You must load every model in the controller class by variable $uses, for example:

您必须通过变量加载控制器类中的每个模型$uses，例如：

var $uses = array('Project');

or in action use method

或在行动中使用方法

$this->loadModel('Project');

In my opinion the proper way to do this is add a function to your current model which instantiates the other model and returns the needed data.

在我看来，正确的方法是向当前模型添加一个函数，该函数实例化另一个模型并返回所需的数据。

Here's an example which returns data from the Project model in a model called Example and calls the data in the Example controller:

这是一个示例，它从名为 Example 的模型中的 Project 模型返回数据并调用 Example 控制器中的数据：

Using Project Model inside Example Model:

在示例模型中使用项目模型：

<?php
/* Example Model */
App::uses('Project', 'Model');
class Example extends AppModel {

    public function allProjects() {
        $projectModel = new Project();
        $projects = $projectModel->find('all');
        return $projects;
    }

}

Returning that data in Example Controller

在示例控制器中返回该数据

// once inside your correct view function just do:
$projects = $this->Example->allProjects();
$this->set('projects', $projects);

In the Example view

在示例视图中

<?php
// Now assuming you're in the .ctp template associated with
// your view function which used: $projects = $this->Example->allProjects();
// you should be able to access the var: $projects
// For example:
print_r($projects['Project']);

Why is this "better" practice than loading both models into your controller? Well, the Project model is inherited by the Example model, so Project data now becomes part of the Example model scope. (What this means on the database side of things is the 2 tables are joined using SQL JOINclauses).
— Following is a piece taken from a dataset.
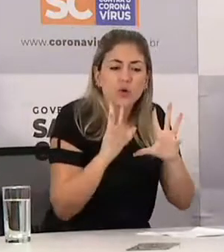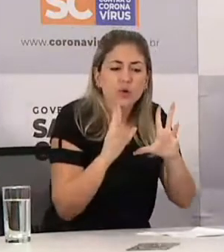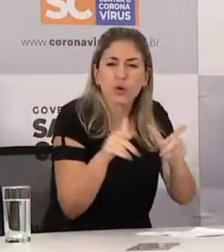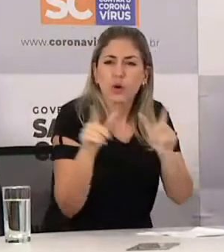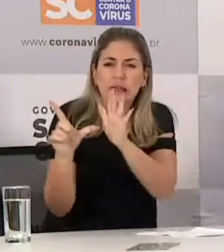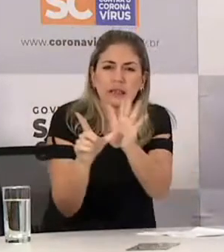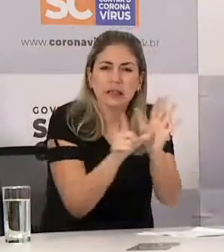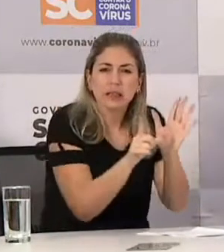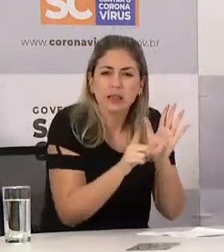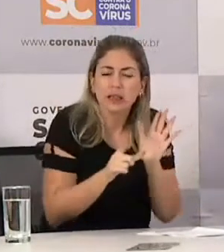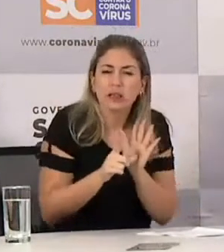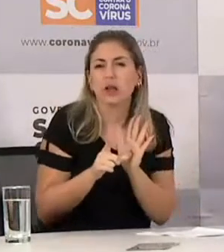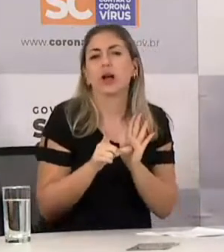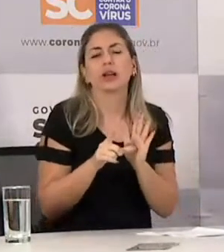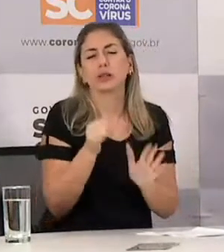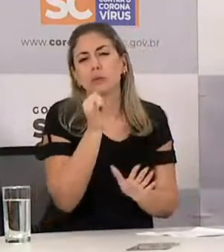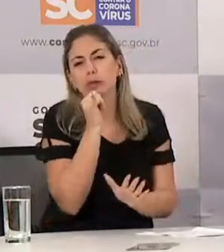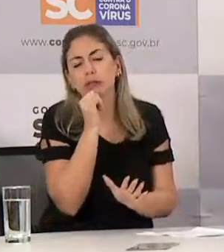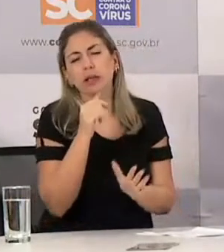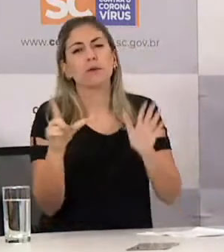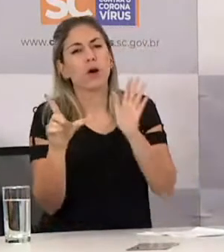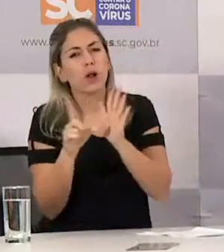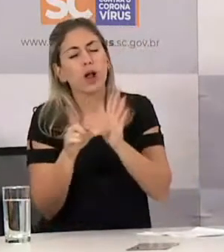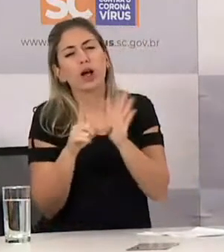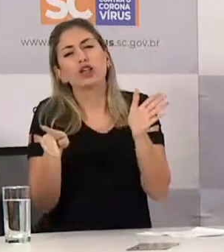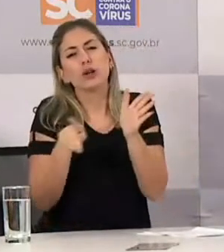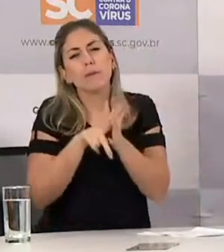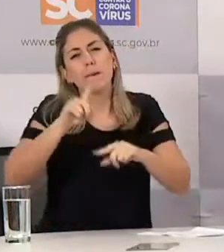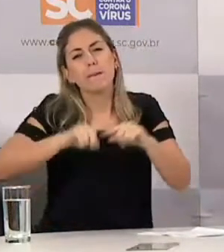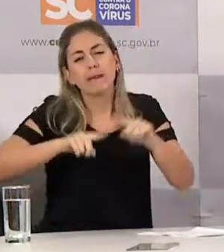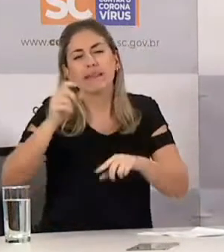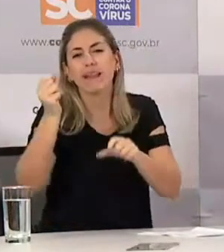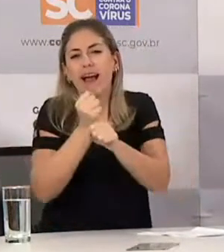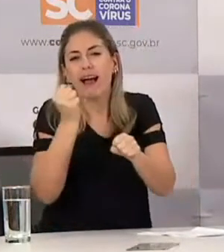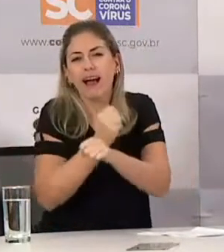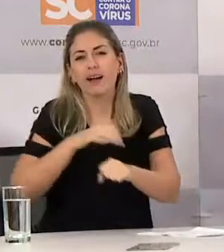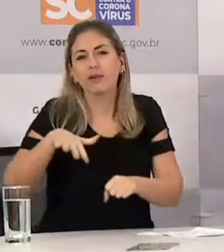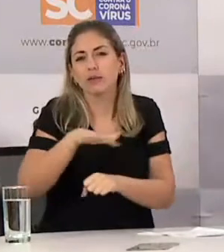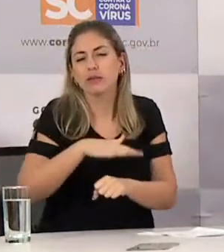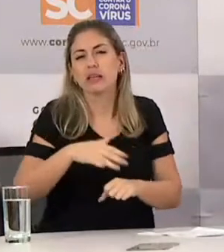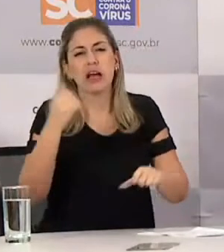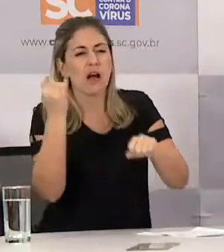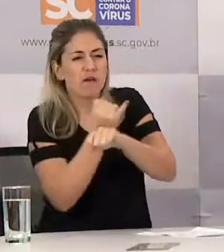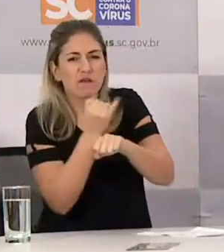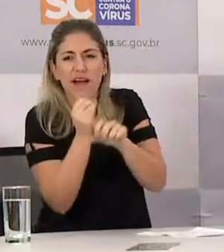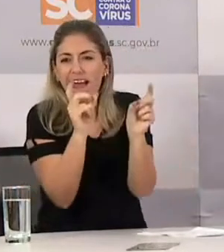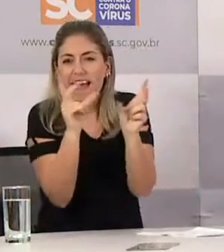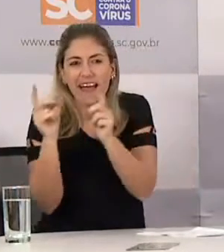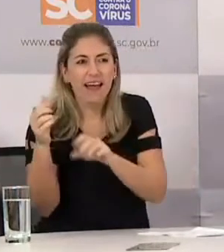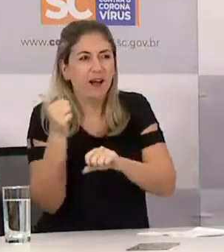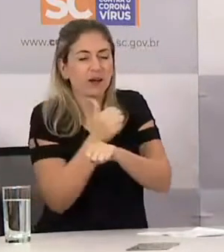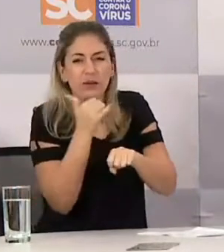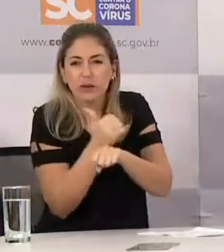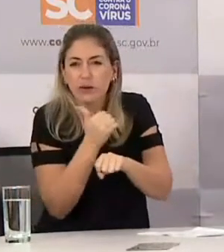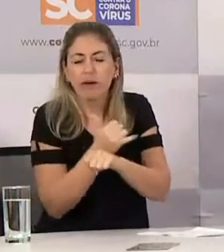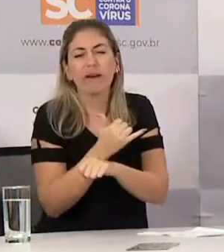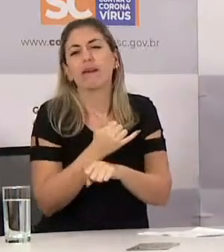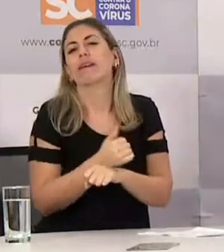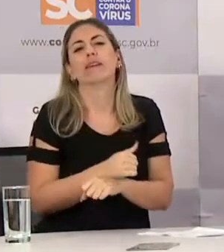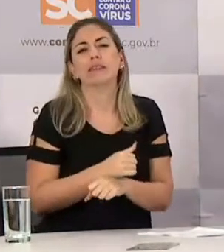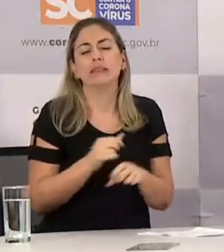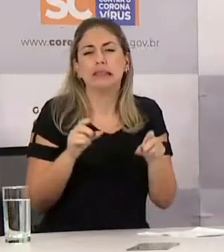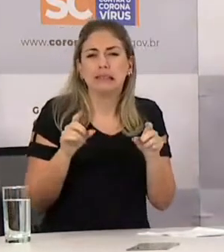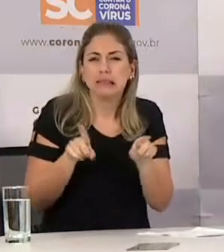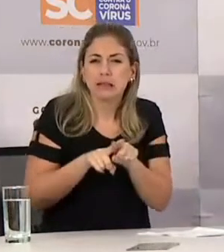funcionar os estabelecimentos comerciais de materiais de construção, as ferragens, aqueles que vendem

为什么这种“更好”的做法比将两个模型加载到您的控制器中要好？好吧，Project 模型由 Example 模型继承，因此 Project 数据现在成为 Example 模型范围的一部分。（这在数据库方面意味着两个表是使用 SQLJOIN子句连接的）。

Or as the manual says:

或者如手册所说：

One of the most powerful features of CakePHP is the ability to link relational mapping provided by the model. In CakePHP, the links between models are handled through associations. Defining relations between different objects in your application should be a natural process. For example: in a recipe database, a recipe may have many reviews, reviews have a single author, and authors may have many recipes. Defining the way these relations work allows you to access your data in an intuitive and powerful way. (source)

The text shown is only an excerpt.